§ The task
The answer should contain all of the records below, each one copied word for word.

§ Task data
•••••
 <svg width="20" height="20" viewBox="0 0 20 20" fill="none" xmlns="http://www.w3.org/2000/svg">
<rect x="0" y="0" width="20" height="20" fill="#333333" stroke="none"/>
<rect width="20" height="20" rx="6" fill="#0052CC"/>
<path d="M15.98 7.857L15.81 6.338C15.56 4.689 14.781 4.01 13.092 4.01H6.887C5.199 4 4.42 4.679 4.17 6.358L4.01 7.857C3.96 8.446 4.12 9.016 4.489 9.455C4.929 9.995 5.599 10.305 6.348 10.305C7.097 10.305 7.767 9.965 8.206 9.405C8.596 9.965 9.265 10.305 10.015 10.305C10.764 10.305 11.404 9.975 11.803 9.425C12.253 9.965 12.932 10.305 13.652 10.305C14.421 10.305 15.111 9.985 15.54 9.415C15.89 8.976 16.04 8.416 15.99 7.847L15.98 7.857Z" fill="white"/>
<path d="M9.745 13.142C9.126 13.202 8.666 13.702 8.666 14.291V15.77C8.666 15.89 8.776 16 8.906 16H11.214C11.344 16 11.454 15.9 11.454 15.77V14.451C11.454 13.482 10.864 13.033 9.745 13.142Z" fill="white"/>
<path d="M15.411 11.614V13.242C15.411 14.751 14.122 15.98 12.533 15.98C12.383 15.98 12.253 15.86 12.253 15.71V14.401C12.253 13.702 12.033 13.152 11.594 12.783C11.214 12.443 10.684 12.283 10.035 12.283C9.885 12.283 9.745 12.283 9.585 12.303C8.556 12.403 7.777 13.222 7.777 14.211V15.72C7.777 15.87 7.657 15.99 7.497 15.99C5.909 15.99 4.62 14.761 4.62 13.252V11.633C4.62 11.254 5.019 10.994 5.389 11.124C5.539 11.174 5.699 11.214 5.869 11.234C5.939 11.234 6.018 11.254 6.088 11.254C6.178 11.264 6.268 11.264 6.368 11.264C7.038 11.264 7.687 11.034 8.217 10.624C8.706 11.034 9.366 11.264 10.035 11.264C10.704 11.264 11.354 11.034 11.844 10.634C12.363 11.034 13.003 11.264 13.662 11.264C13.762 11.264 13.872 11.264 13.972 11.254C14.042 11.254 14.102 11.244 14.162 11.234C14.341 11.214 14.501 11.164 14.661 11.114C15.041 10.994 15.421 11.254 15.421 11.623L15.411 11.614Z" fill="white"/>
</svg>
•••••
§ Exercise response
 <svg width="20" height="20" viewBox="0 0 20 20" fill="none" xmlns="http://www.w3.org/2000/svg">
<rect x="0" y="0" width="20" height="20" fill="#333333" stroke="none"/>
<rect width="20" height="20" rx="6" fill="#0052CC"/>
<path d="M15.98 7.857L15.81 6.338C15.56 4.689 14.781 4.01 13.092 4.01H6.887C5.199 4 4.42 4.679 4.17 6.358L4.01 7.857C3.96 8.446 4.12 9.016 4.489 9.455C4.929 9.995 5.599 10.305 6.348 10.305C7.097 10.305 7.767 9.965 8.206 9.405C8.596 9.965 9.265 10.305 10.015 10.305C10.764 10.305 11.404 9.975 11.803 9.425C12.253 9.965 12.932 10.305 13.652 10.305C14.421 10.305 15.111 9.985 15.54 9.415C15.89 8.976 16.04 8.416 15.99 7.847L15.98 7.857Z" fill="white"/>
<path d="M9.745 13.142C9.126 13.202 8.666 13.702 8.666 14.291V15.77C8.666 15.89 8.776 16 8.906 16H11.214C11.344 16 11.454 15.9 11.454 15.77V14.451C11.454 13.482 10.864 13.033 9.745 13.142Z" fill="white"/>
<path d="M15.411 11.614V13.242C15.411 14.751 14.122 15.98 12.533 15.98C12.383 15.98 12.253 15.86 12.253 15.71V14.401C12.253 13.702 12.033 13.152 11.594 12.783C11.214 12.443 10.684 12.283 10.035 12.283C9.885 12.283 9.745 12.283 9.585 12.303C8.556 12.403 7.777 13.222 7.777 14.211V15.72C7.777 15.87 7.657 15.99 7.497 15.99C5.909 15.99 4.62 14.761 4.62 13.252V11.633C4.62 11.254 5.019 10.994 5.389 11.124C5.539 11.174 5.699 11.214 5.869 11.234C5.939 11.234 6.018 11.254 6.088 11.254C6.178 11.264 6.268 11.264 6.368 11.264C7.038 11.264 7.687 11.034 8.217 10.624C8.706 11.034 9.366 11.264 10.035 11.264C10.704 11.264 11.354 11.034 11.844 10.634C12.363 11.034 13.003 11.264 13.662 11.264C13.762 11.264 13.872 11.264 13.972 11.254C14.042 11.254 14.102 11.244 14.162 11.234C14.341 11.214 14.501 11.164 14.661 11.114C15.041 10.994 15.421 11.254 15.421 11.623L15.411 11.614Z" fill="white"/>
</svg>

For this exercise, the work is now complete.